[[ WORKING DATA, beginning ]]

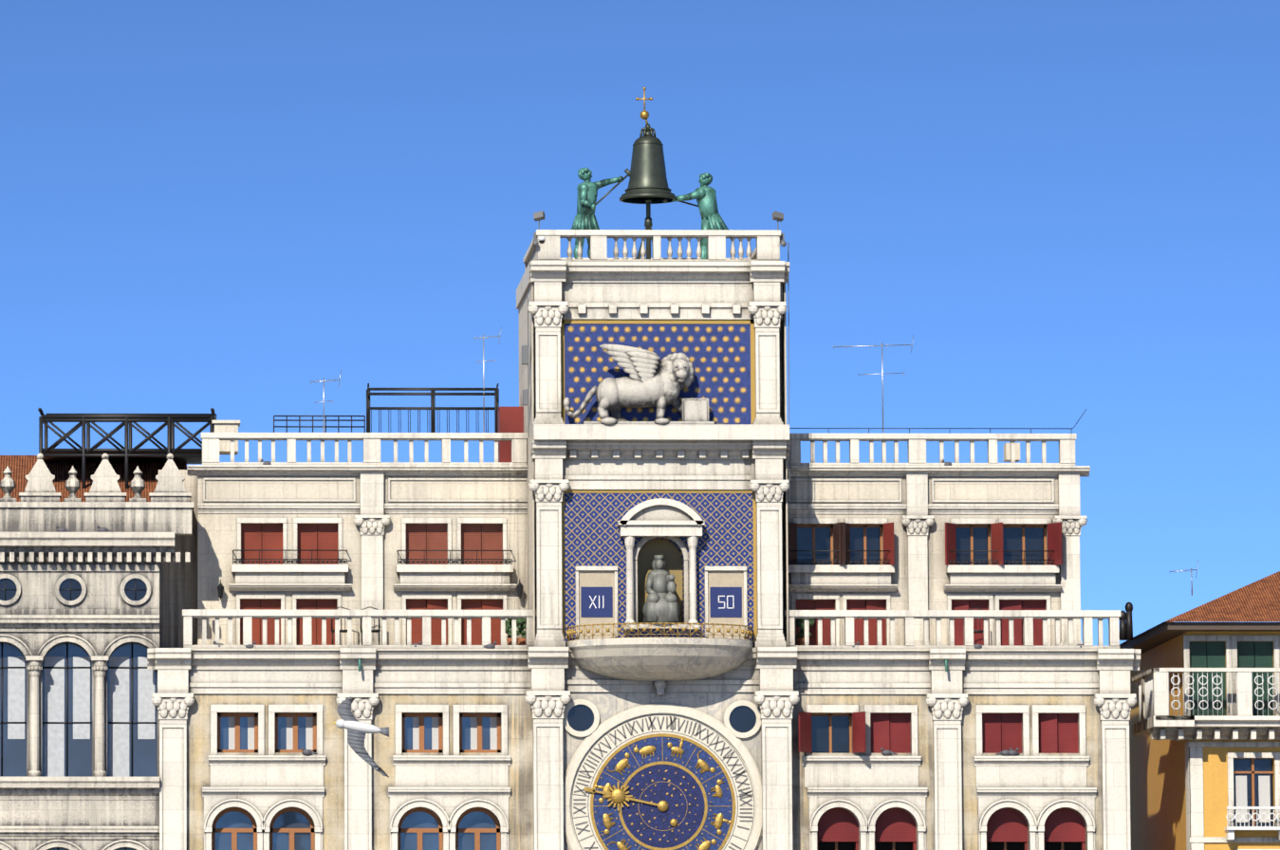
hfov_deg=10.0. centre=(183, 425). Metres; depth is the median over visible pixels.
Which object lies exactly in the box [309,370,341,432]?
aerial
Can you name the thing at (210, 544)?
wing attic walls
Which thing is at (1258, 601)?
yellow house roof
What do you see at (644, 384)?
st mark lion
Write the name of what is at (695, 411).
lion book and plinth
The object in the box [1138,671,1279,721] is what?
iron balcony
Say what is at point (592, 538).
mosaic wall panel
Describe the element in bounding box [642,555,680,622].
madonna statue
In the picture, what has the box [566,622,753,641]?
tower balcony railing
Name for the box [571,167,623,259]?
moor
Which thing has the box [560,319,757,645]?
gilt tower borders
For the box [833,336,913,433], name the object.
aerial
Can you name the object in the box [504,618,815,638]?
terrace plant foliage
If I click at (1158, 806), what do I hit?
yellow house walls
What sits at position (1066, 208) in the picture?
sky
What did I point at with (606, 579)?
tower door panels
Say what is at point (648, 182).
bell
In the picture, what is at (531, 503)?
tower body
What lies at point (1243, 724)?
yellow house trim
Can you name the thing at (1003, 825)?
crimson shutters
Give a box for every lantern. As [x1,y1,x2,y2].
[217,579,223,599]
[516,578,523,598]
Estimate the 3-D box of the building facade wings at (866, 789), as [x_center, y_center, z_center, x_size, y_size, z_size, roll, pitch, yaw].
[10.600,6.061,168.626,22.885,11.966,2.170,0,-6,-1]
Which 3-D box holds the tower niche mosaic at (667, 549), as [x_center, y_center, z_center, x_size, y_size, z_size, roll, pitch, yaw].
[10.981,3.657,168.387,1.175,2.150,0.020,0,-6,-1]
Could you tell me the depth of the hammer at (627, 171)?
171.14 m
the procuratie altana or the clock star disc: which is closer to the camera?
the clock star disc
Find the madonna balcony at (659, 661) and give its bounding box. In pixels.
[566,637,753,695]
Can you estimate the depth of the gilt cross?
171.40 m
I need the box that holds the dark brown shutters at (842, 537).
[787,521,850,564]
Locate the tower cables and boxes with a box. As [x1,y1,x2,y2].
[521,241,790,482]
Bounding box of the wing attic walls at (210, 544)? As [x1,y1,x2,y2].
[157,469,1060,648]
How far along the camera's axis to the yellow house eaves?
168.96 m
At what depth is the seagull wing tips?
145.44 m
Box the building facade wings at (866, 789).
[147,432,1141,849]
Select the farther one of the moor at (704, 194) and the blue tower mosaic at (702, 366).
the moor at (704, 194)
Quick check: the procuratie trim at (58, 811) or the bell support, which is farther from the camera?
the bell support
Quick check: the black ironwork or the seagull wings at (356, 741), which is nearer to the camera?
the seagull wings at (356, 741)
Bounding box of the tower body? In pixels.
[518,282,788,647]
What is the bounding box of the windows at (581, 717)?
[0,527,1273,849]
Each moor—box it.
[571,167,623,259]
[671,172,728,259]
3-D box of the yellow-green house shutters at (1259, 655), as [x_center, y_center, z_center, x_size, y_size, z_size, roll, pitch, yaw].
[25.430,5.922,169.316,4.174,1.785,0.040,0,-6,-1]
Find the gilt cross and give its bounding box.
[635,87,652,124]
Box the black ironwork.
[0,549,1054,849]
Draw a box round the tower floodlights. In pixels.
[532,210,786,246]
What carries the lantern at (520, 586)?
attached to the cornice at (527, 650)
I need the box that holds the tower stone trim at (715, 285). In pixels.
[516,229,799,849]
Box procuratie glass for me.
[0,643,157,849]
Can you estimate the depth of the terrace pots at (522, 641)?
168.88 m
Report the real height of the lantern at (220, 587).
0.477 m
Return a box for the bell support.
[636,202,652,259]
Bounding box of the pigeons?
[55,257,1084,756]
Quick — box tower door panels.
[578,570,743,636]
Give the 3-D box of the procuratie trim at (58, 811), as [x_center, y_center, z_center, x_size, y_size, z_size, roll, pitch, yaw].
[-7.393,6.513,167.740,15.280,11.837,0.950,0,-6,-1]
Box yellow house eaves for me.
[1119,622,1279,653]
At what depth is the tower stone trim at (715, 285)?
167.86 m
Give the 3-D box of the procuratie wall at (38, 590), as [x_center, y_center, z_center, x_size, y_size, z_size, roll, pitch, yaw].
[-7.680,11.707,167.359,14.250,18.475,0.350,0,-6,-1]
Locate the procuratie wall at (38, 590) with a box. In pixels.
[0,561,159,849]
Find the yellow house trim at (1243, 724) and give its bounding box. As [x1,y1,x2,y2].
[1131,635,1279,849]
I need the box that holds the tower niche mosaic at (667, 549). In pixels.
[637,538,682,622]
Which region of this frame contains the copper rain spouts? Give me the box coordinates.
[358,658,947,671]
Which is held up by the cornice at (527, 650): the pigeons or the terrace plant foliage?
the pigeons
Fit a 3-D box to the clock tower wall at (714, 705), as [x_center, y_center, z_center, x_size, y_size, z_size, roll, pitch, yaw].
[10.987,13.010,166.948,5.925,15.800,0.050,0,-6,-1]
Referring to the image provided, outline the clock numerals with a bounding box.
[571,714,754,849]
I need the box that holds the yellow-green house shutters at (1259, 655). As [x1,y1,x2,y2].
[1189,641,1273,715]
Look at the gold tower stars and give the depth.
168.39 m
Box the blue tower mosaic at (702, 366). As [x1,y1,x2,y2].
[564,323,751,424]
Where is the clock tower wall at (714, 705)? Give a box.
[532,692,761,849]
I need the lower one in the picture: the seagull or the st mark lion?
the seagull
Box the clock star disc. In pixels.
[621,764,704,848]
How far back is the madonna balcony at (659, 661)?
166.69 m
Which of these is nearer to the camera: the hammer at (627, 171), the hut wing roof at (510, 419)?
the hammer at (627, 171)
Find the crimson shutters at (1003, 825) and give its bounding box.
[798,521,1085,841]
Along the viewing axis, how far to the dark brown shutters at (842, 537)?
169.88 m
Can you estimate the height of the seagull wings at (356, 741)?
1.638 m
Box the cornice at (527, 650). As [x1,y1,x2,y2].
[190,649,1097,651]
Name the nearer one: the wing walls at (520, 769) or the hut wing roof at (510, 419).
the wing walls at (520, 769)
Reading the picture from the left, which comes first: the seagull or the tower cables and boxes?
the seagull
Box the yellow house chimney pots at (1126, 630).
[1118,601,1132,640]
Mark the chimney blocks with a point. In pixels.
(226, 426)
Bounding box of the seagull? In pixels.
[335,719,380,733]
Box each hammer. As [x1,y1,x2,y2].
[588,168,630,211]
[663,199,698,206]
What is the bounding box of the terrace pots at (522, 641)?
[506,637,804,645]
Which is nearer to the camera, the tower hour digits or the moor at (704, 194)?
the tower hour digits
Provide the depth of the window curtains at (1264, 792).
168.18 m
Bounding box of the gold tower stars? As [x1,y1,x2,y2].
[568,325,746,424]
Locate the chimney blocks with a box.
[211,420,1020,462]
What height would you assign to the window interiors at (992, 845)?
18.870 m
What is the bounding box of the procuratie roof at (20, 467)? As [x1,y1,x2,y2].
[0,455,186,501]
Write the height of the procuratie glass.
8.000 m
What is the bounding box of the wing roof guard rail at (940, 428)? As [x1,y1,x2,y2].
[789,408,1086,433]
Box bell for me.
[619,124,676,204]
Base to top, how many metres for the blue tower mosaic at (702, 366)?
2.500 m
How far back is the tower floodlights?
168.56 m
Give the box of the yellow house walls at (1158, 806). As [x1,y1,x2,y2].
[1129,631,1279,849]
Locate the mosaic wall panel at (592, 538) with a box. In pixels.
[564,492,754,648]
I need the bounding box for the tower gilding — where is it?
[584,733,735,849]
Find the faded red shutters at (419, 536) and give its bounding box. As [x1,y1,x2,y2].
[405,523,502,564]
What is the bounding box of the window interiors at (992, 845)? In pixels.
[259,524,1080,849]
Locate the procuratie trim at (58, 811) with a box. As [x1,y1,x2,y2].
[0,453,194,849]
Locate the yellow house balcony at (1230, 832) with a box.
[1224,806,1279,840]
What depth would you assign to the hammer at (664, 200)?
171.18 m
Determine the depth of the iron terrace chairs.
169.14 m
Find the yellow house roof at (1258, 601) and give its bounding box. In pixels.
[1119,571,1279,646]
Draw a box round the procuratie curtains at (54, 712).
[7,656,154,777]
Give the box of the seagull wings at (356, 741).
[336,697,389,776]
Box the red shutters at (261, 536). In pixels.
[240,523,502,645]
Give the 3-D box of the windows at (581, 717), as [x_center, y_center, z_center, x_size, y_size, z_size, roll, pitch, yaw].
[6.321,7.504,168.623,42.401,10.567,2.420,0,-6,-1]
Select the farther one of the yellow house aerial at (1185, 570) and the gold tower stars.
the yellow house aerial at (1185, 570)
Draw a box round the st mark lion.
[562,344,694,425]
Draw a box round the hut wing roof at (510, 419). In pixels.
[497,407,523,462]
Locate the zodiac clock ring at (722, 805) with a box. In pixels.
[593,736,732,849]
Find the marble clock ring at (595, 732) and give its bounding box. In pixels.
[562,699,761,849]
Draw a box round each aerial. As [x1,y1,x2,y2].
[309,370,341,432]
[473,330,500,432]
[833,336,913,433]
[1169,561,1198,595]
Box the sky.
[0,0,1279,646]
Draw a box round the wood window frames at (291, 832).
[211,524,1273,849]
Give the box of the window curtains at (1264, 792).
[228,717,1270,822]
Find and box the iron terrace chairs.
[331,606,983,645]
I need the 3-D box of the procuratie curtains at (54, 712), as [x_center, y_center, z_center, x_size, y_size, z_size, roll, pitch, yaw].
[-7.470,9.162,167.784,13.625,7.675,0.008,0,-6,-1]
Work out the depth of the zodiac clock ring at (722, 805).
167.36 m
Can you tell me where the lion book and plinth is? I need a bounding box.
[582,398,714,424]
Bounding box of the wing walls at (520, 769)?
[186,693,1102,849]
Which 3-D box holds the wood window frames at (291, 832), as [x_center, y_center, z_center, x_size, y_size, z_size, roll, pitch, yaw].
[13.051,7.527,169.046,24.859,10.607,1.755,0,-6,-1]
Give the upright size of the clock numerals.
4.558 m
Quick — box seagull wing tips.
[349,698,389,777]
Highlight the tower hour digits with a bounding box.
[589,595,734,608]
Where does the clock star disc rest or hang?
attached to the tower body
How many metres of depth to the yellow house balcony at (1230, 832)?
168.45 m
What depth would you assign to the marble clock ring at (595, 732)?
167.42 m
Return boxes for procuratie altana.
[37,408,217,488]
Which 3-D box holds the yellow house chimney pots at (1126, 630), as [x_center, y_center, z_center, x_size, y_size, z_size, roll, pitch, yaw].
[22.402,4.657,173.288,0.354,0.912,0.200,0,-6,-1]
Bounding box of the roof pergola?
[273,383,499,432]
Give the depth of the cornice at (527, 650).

[[ WORKING DATA, end ]]

_WORK INSTRUCTION:_ Transcribe each line of the data above, unaltered, from the one where "In the picture, what is at (531, 503)?" appears to the one where "[10.600,6.061,168.626,22.885,11.966,2.170,0,-6,-1]" appears, inclusive of both.

_TASK RESULT:_
In the picture, what is at (531, 503)?
tower body
What lies at point (1243, 724)?
yellow house trim
Can you name the thing at (1003, 825)?
crimson shutters
Give a box for every lantern. As [x1,y1,x2,y2].
[217,579,223,599]
[516,578,523,598]
Estimate the 3-D box of the building facade wings at (866, 789), as [x_center, y_center, z_center, x_size, y_size, z_size, roll, pitch, yaw].
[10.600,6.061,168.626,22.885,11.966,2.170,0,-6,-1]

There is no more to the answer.